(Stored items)
┄┄┄┄┄┄
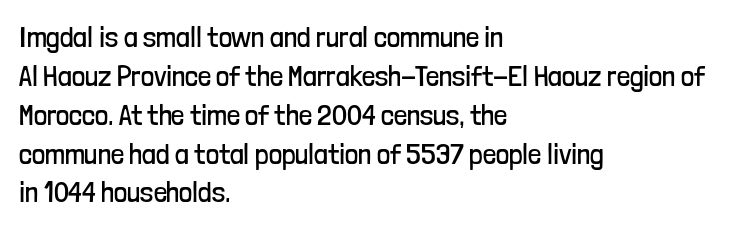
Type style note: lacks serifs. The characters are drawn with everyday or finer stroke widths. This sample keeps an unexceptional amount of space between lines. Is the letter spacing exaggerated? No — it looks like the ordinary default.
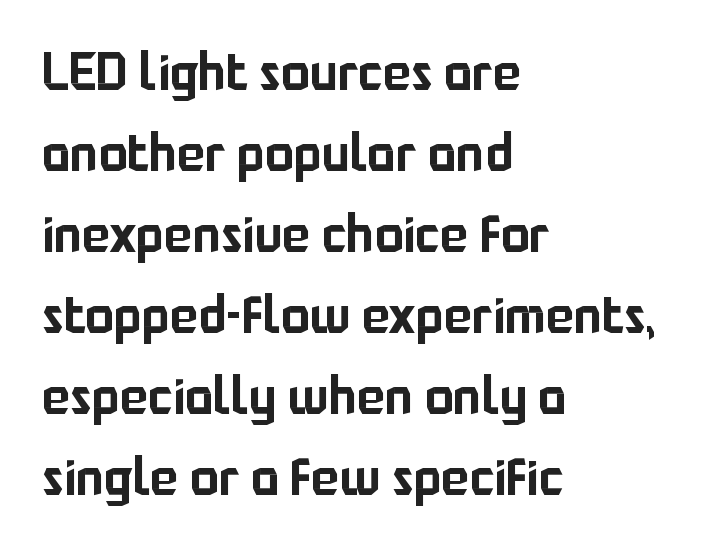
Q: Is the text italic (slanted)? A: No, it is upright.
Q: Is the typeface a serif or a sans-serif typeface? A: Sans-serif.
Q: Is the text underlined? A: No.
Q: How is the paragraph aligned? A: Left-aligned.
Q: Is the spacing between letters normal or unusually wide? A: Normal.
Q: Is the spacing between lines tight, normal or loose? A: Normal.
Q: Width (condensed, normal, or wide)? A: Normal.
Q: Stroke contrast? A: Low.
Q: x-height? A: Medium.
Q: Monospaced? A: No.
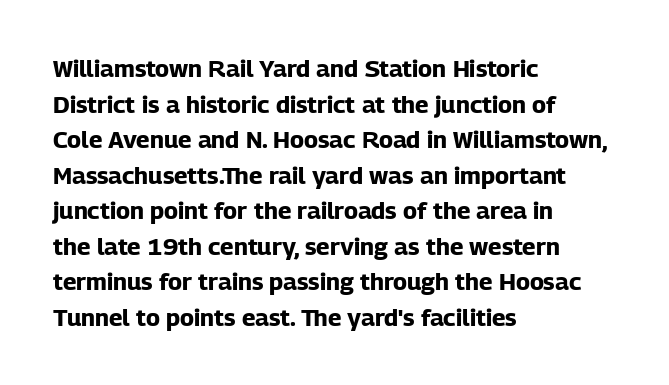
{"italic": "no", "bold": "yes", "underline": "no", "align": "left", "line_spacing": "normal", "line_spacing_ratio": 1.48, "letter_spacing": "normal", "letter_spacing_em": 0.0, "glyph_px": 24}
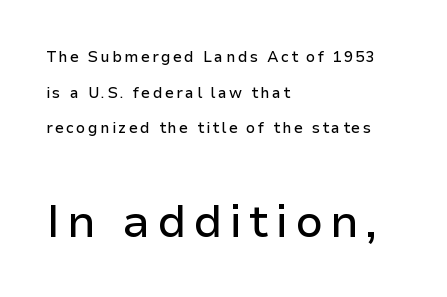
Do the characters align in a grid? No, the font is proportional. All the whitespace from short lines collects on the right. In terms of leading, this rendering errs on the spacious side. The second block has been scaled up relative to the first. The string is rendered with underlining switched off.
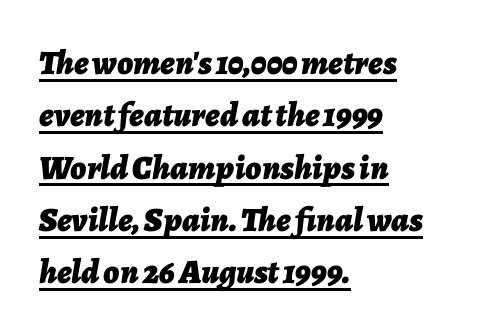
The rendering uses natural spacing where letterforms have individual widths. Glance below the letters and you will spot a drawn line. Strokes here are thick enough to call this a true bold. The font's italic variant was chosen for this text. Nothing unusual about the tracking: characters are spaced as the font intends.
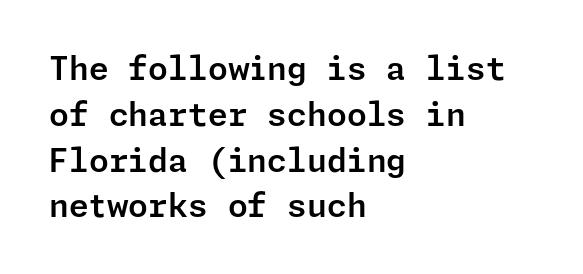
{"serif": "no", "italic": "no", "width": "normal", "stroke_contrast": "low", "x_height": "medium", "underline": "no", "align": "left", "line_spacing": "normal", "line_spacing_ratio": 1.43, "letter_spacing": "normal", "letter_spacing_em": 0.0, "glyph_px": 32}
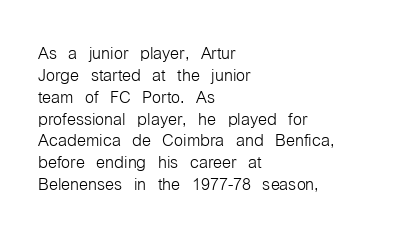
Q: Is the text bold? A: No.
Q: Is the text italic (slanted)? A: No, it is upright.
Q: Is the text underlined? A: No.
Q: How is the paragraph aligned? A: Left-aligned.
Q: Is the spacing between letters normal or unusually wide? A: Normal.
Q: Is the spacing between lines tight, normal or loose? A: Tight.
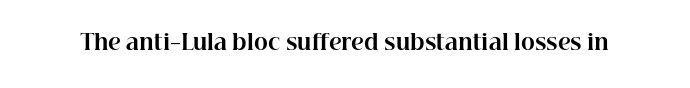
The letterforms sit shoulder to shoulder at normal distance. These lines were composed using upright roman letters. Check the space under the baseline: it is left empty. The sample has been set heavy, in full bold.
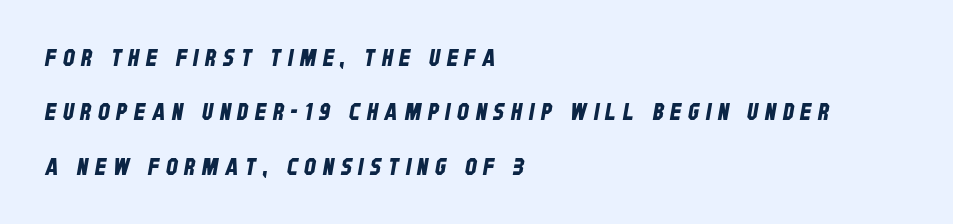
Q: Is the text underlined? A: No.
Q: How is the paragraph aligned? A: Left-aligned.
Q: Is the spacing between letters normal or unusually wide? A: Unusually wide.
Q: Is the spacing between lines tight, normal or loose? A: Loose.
┄┄┄┄┄┄
PROMPT
Repeat only the lines from the one with "loose? A: Tight." through the end of the data, both included and exactly as written. Pictures stay out of the copy.

RESULT OF THIS TASK
Q: Is the spacing between lines tight, normal or loose? A: Tight.
The letterforms sit shoulder to shoulder at normal distance. These lines were composed using upright roman letters. Check the space under the baseline: it is left empty. The sample has been set heavy, in full bold.
Q: Is the text underlined? A: No.
Q: How is the paragraph aligned? A: Left-aligned.
Q: Is the spacing between letters normal or unusually wide? A: Unusually wide.
Q: Is the spacing between lines tight, normal or loose? A: Loose.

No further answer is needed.